Thanks Caroline for your kind words... Don't feel bad for me. I am fine. Last week was what it was. My intention in writing this post was to pay tribute to Mike. The last thing I want is anyone to feel bad for me, really. My heart goes out to Susie and her family.
Soul Mining...beautiful Album..great title..was very pivitol for me as well....
so beautifully written and well captured...death is such a mystery...I remember having conversations about death with Isaiah when one of our good friends passed at a terribly young age (27)...(same thing, great guy, great father, amazing wife and kids...leaves you with that feeling of unfairness)...and not being able to really say anything comforting...but then realizing it's not something we necessarily have to be comfortable with...we don't have to be uncomfortable either, but it's okay for things to be unknown and for there not to be answers or easy explanations......makes you appreciate how beautiful life and living is...every little second, even those moments we feel like pulling our hair out!! Thanks for sharing Amy!
Beautiful post Amy.
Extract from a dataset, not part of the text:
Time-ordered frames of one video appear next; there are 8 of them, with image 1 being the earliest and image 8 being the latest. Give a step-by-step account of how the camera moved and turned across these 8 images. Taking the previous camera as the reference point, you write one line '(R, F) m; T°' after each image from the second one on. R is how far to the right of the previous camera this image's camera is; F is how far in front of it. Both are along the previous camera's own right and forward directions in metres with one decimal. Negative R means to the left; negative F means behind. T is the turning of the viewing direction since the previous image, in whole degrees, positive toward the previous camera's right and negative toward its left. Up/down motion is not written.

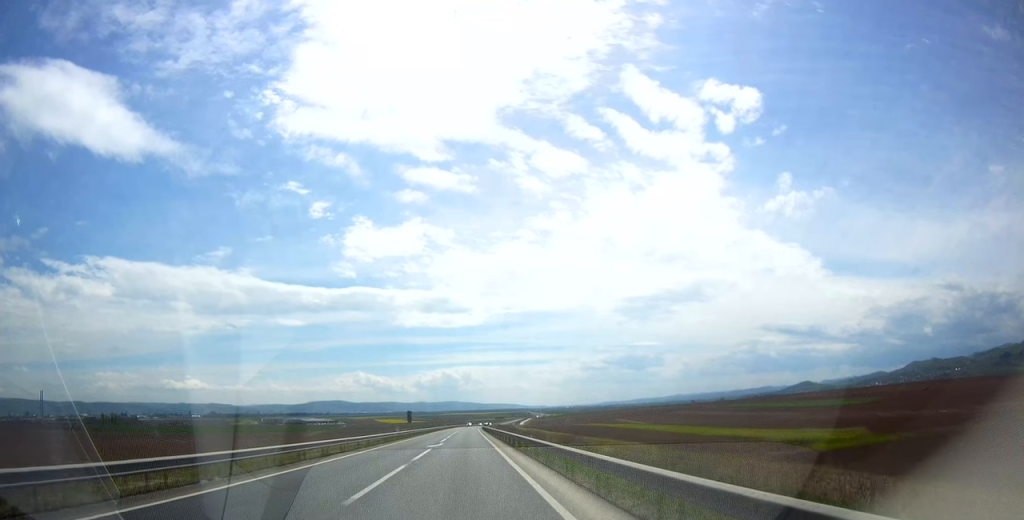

Sounds like you were very lucky to get to know such a wonderful man.
Of course his wife and children's loss is so huge it is hard to even fathom, however I am sure it was emotionally very tiring for you too. It is hard to loose a friend.
Sounds like a woman's night out is in order.
big smooch.
Sob, smile...beautifuly written and thx for sharing your reflective thoughts...I feel as if I know a little bit about Mike now that I have read through your post...it is always better to remember the person than the loss.
Peace and love to you and Susie & family!